La Russie ne peut empêcher la Chine de défendre ses intérêts nationaux en étendant son parapluie de sécurité à l’Asie centrale. Elle ne peut pas non plus empêcher la Chine de poursuivre ses ambitions mondiales. Ces sentiments ont été exprimés publiquement par Poutine, qui a déclaré que « la Chine est un pays dont la population atteint presque 1,5 milliard d’habitants. Elle a probablement le droit de construire sa politique de défense de manière à assurer la sécurité de ce vaste pays. »

La concurrence entre la Russie et la Chine en Asie centrale est manifestement évidente, mais leur coopération est sous-estimée. Ce n’est pas sans raison que Poutine qualifie le « travail dans les pays tiers » de vecteur important de la coopération sino-russe. Après la prise du pouvoir par les talibans à Kaboul en août 2021, les dirigeants chinois et russes ont régulièrement discuté de la sécurité régionale et de la situation à la frontière afghane. En outre, Sibu/Cooperation-2021, le plus grand exercice militaire bilatéral mené par Moscou et Pékin depuis le début de la pandémie, était axé sur la lutte contre le terrorisme. Entre autres, les commandants militaires des deux pays ont exploré des scénarios de coopération dans le cas d’une éventuelle percée à la frontière afghane.

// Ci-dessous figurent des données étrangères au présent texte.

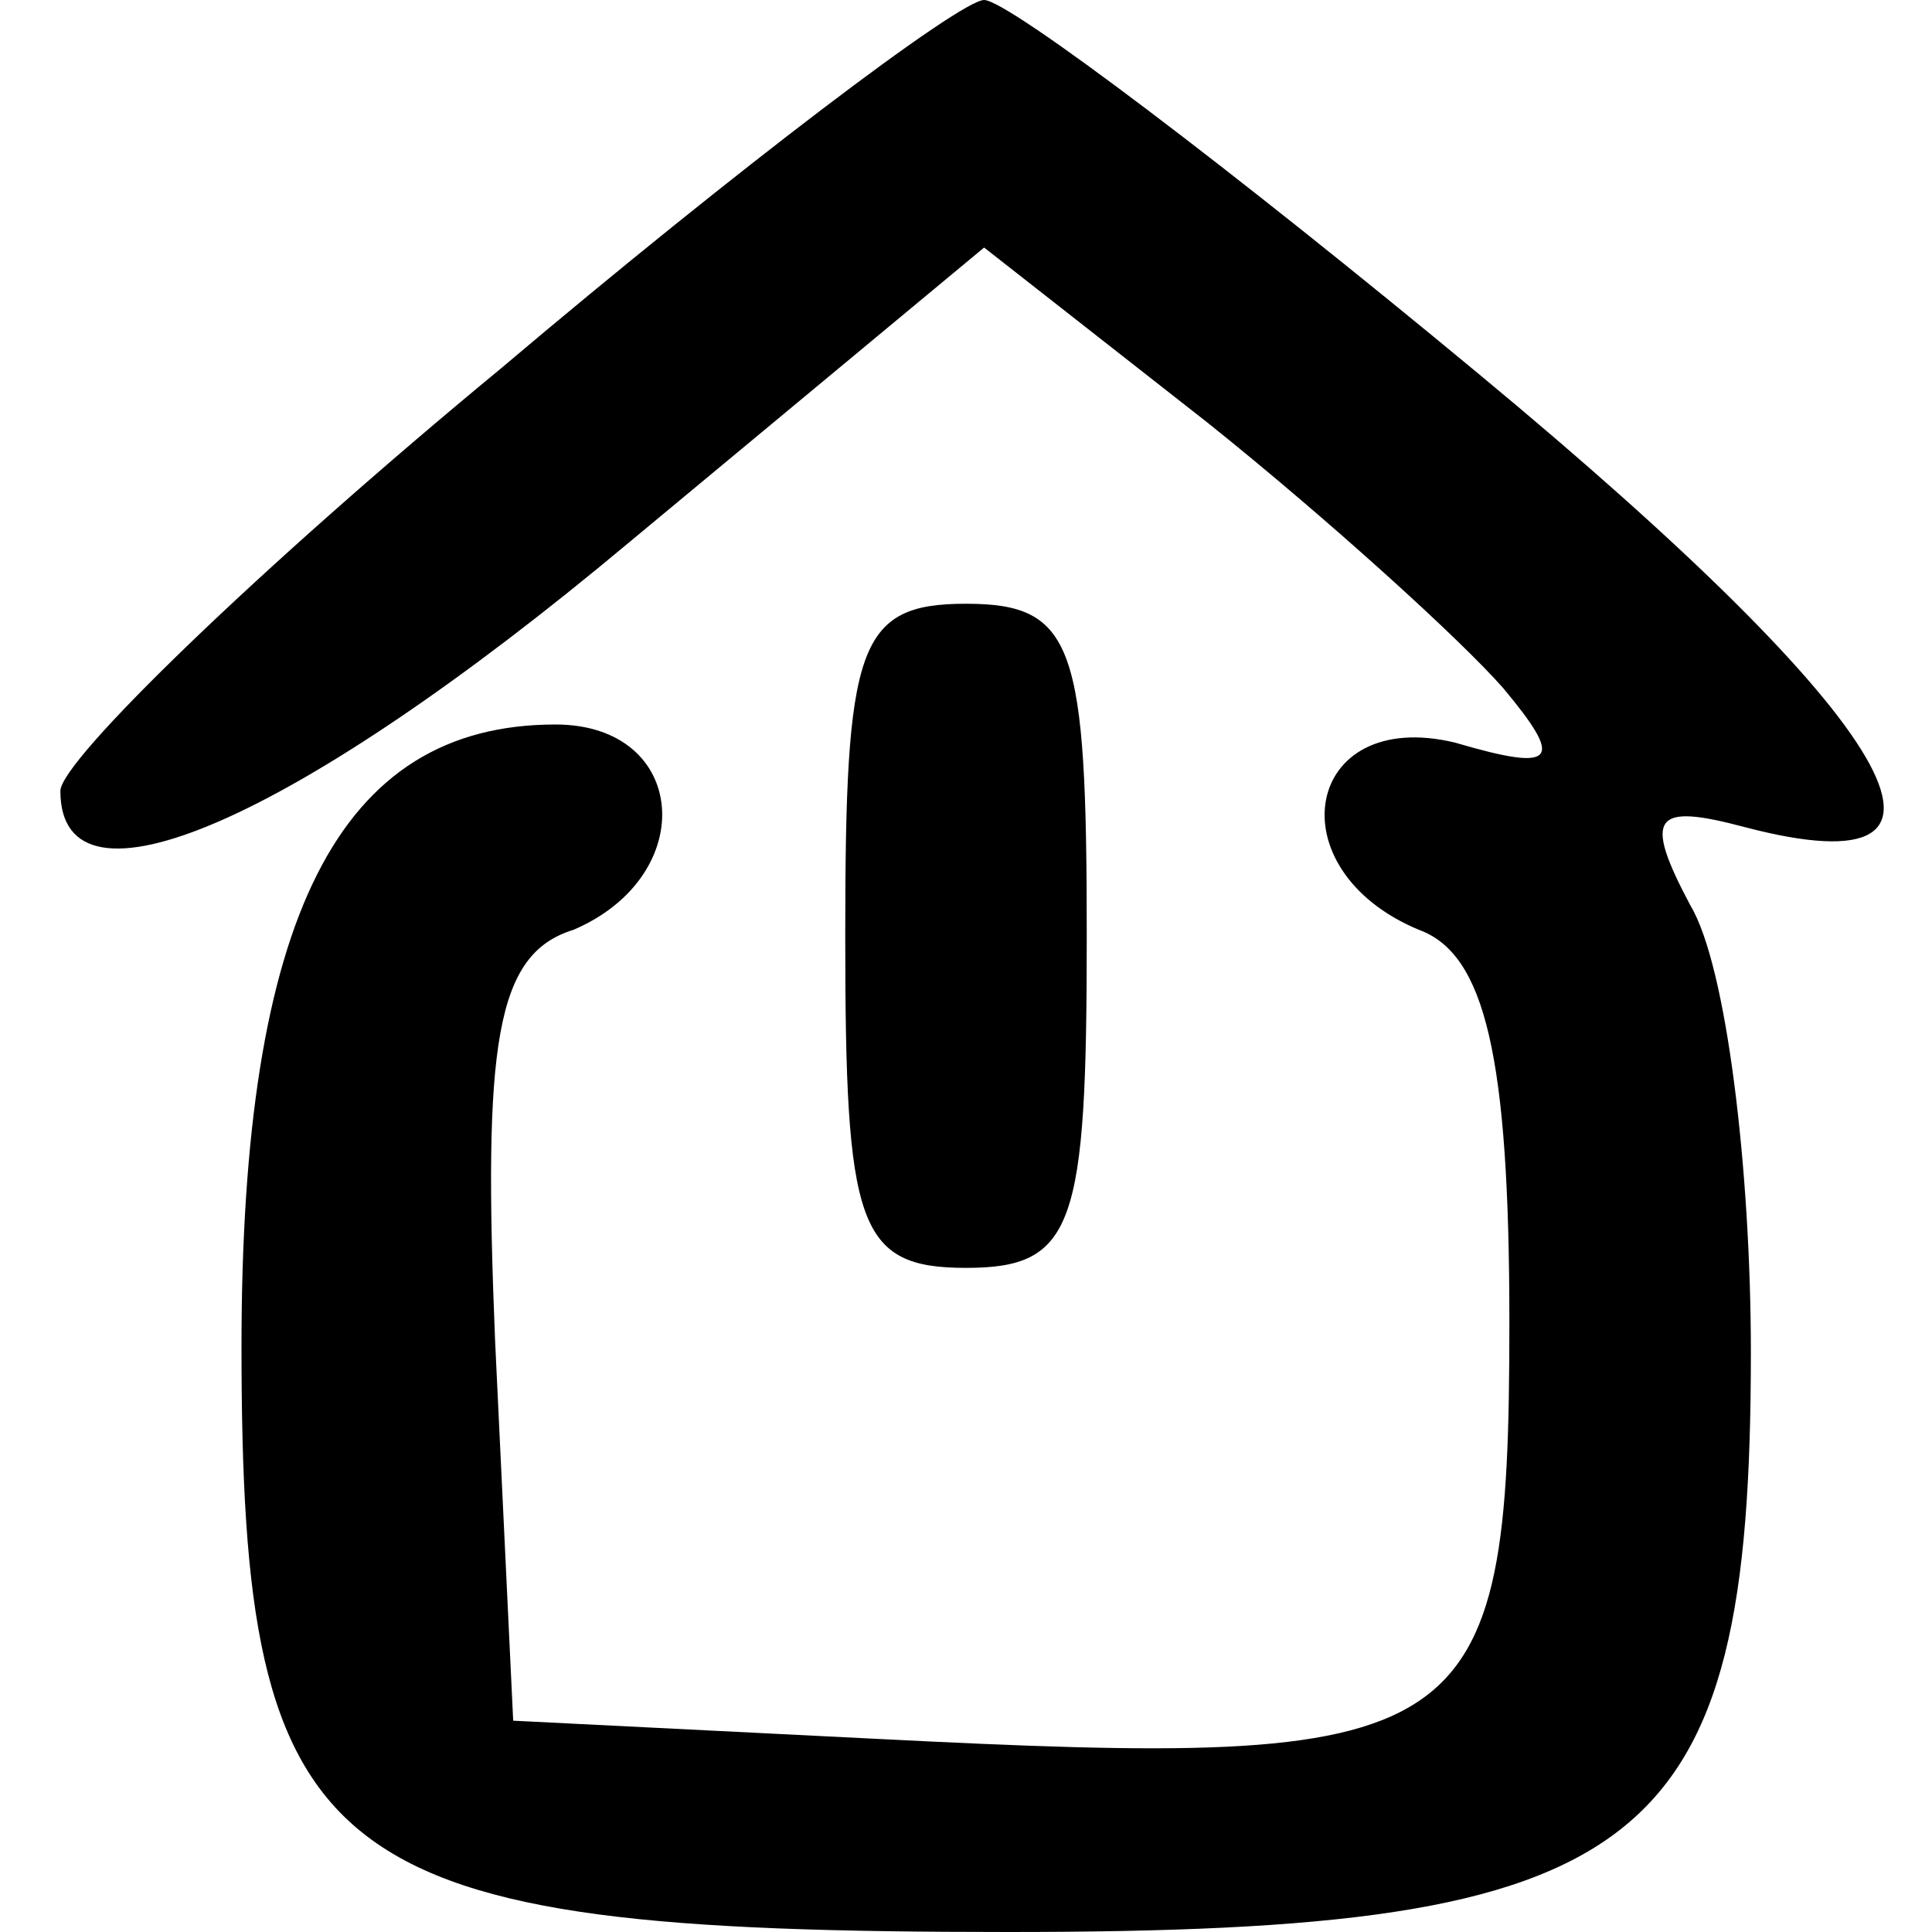 <?xml version="1.0" encoding="UTF-8" standalone="no"?> <svg xmlns="http://www.w3.org/2000/svg" version="1.0" width="32pt" height="32pt" viewBox="0 0 32 32" preserveAspectRatio="xMidYMid meet"><g transform="translate(0,32) scale(0.1,-0.1)" fill="#000000" stroke="none"><path d="M83 259 c-40 -33 -73 -65 -73 -70 0 -22 39 -5 94 41 l59 49 37 -29 c20 -16 42 -36 49 -44 10 -12 9 -14 -8 -9 -25 6 -30 -21 -6 -31 11 -4 15 -21 15 -65 0 -71 -6 -74 -105 -69 l-60 3 -3 63 c-2 49 0 64 13 68 21 9 19 34 -3 34 -36 0 -52 -32 -52 -103 0 -87 13 -97 127 -97 106 0 123 13 123 96 0 30 -4 64 -10 74 -8 15 -6 17 9 13 42 -11 26 17 -44 75 -41 34 -78 62 -82 62 -4 0 -41 -28 -80 -61z"></path><path d="M140 165 c0 -48 2 -55 20 -55 18 0 20 7 20 55 0 48 -2 55 -20 55 -18 0 -20 -7 -20 -55z"></path></g></svg>

En d’autres termes, le danger de conflit entre la Chine et la Russie en Asie centrale est surestimé, tandis que leur potentiel de coopération est sous-estimé. Même s’il existe des raisons de se faire concurrence en Asie centrale, Moscou et Pékin considèrent les relations bilatérales amicales comme une priorité, surtout dans le contexte de l’escalade de leur confrontation avec l’Occident.